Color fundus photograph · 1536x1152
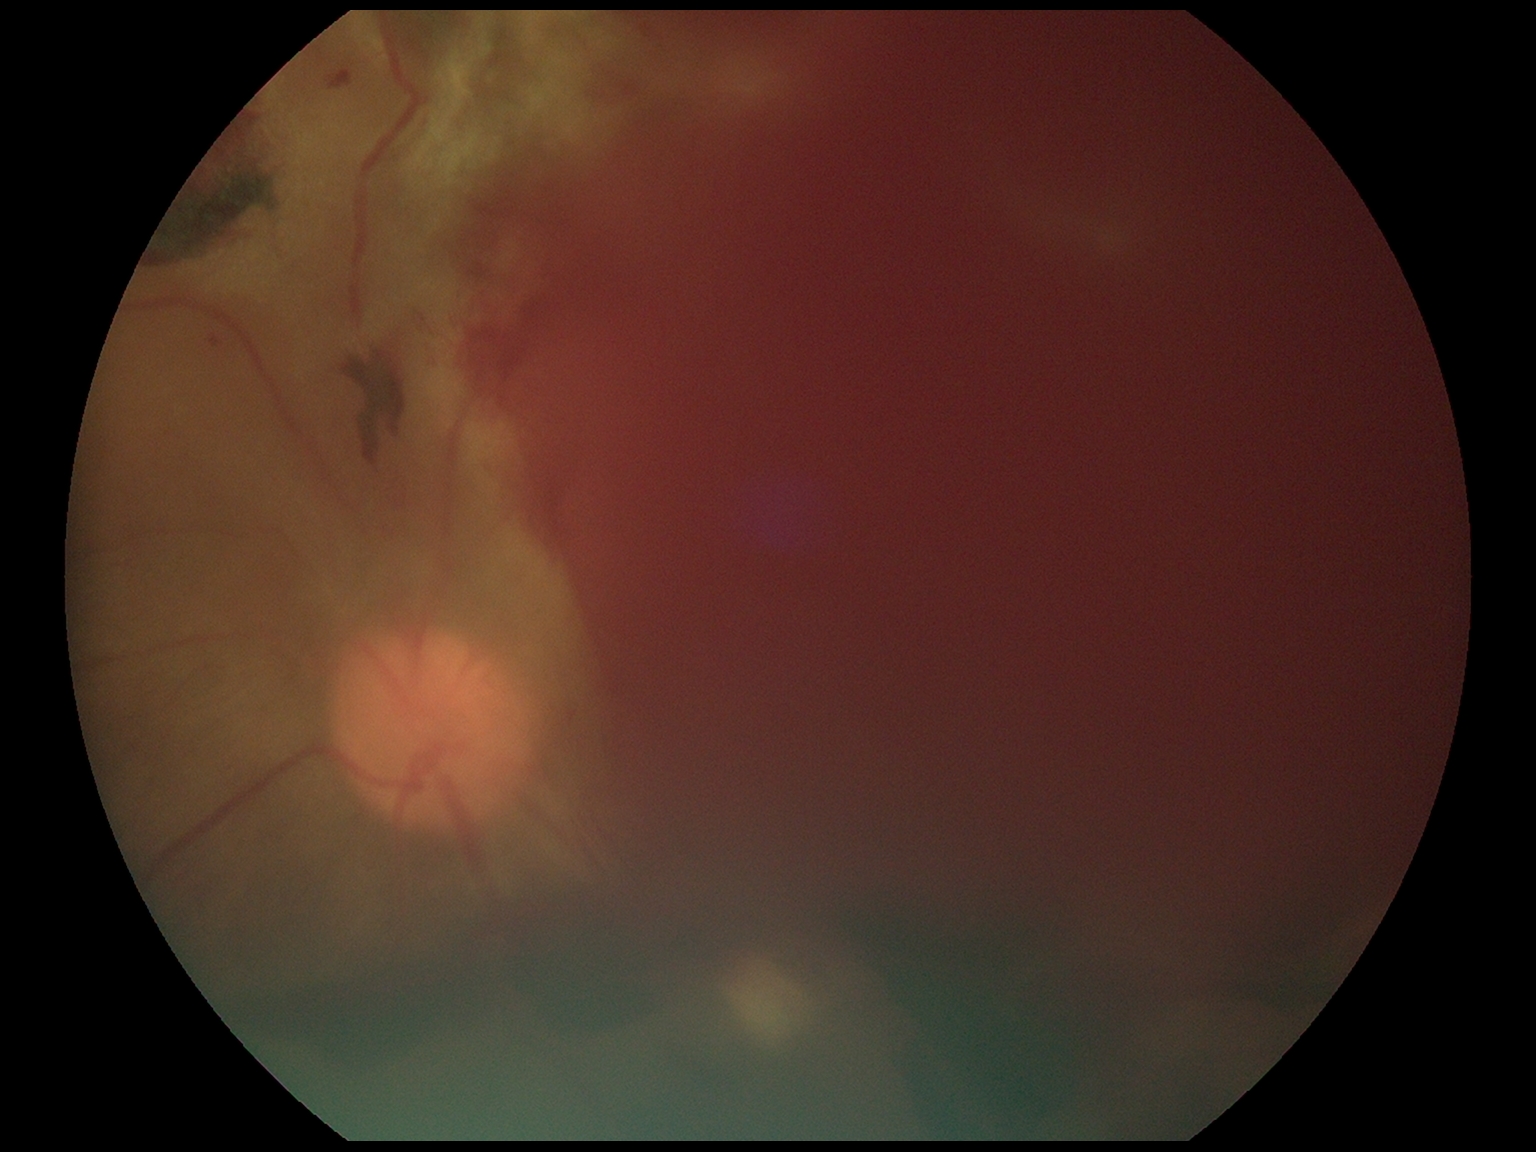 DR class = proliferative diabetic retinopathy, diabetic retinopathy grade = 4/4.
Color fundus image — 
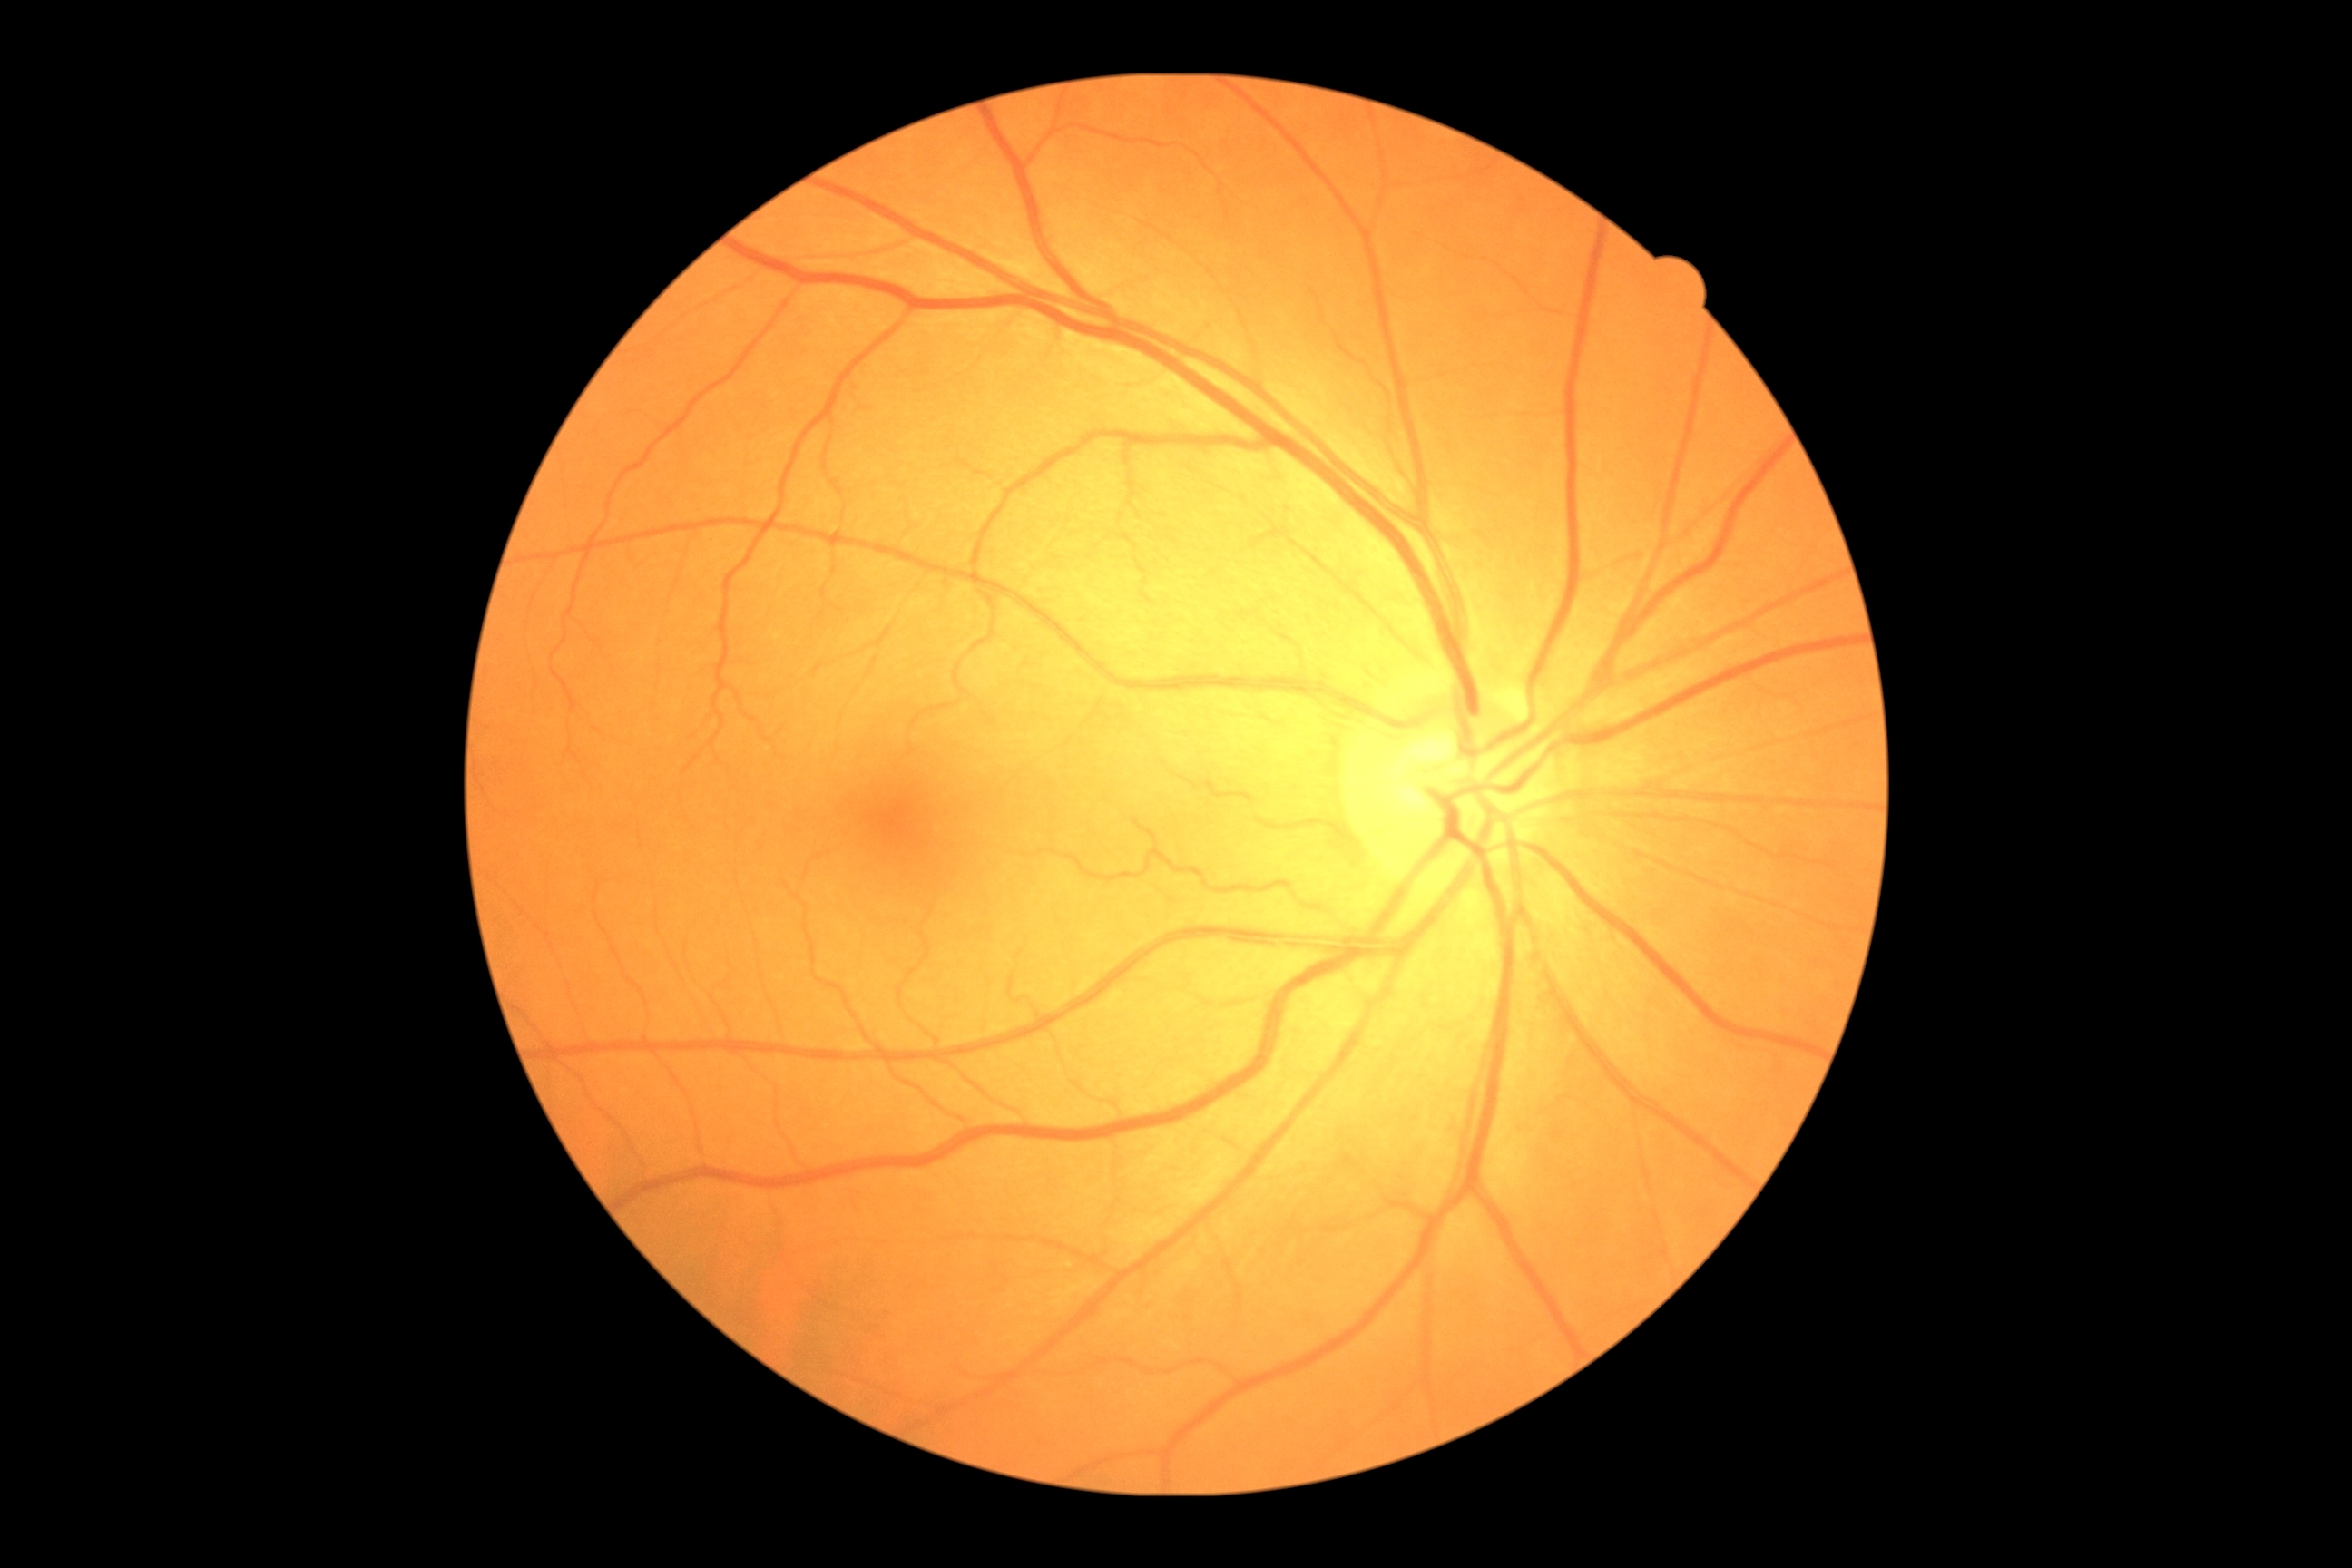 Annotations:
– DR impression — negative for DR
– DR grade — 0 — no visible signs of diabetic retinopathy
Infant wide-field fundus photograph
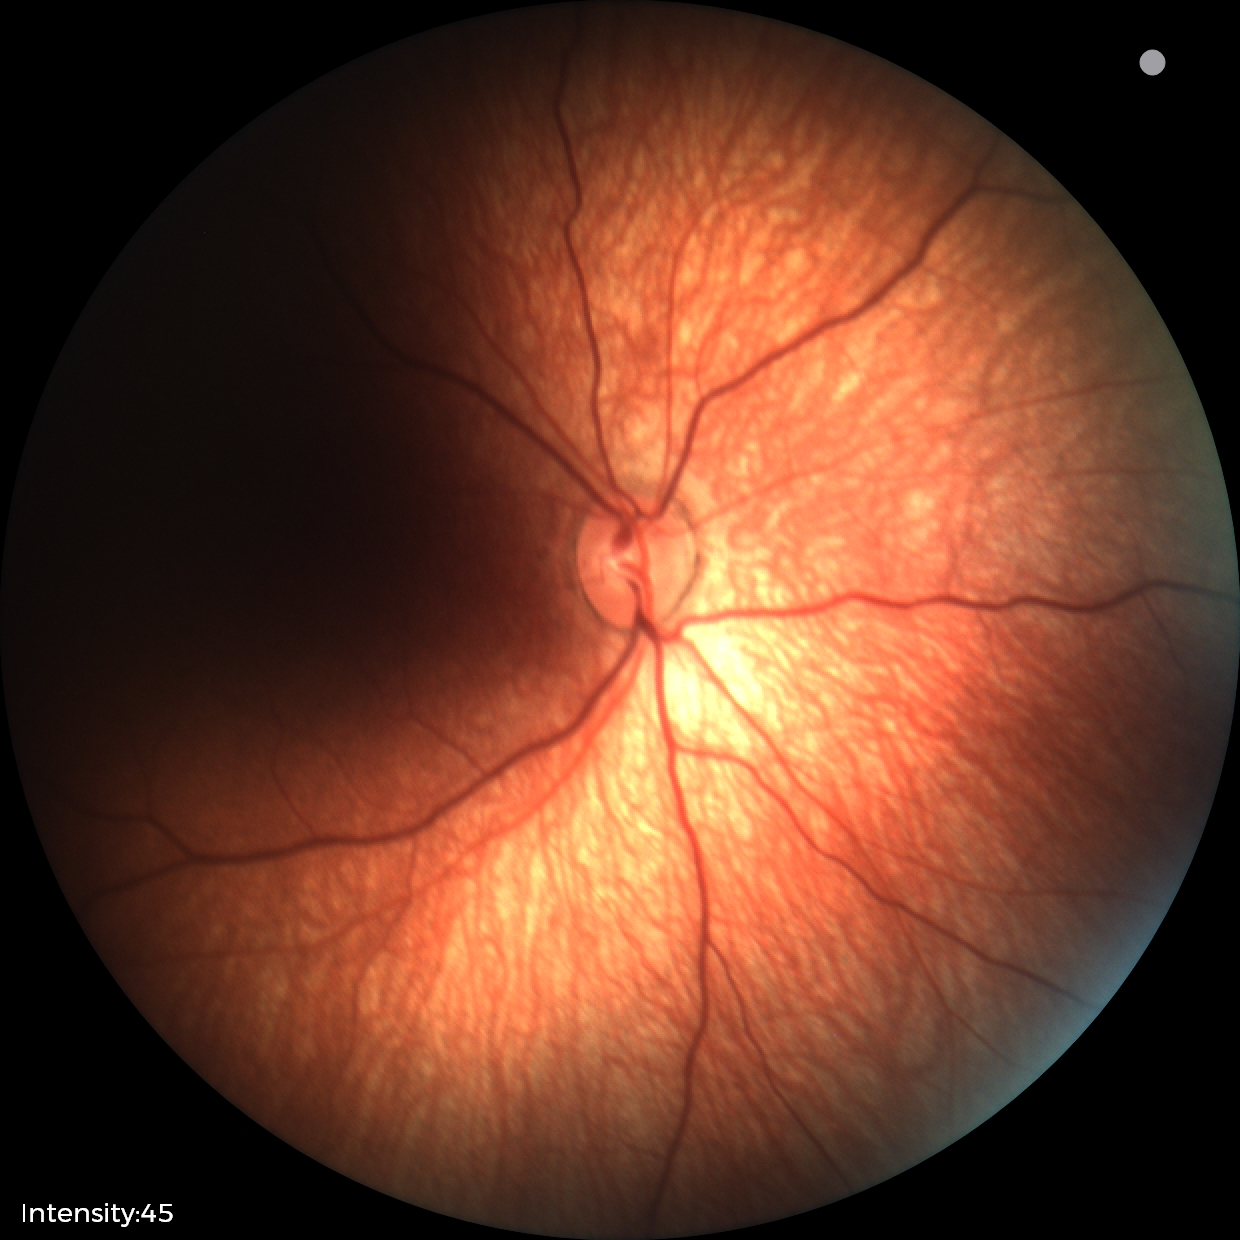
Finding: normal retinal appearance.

*What to work on:* Looking at the entries above, copy out every line in which "Color" occurs.

*Response:*
Color fundus photograph · 1536x1152
Color fundus image — 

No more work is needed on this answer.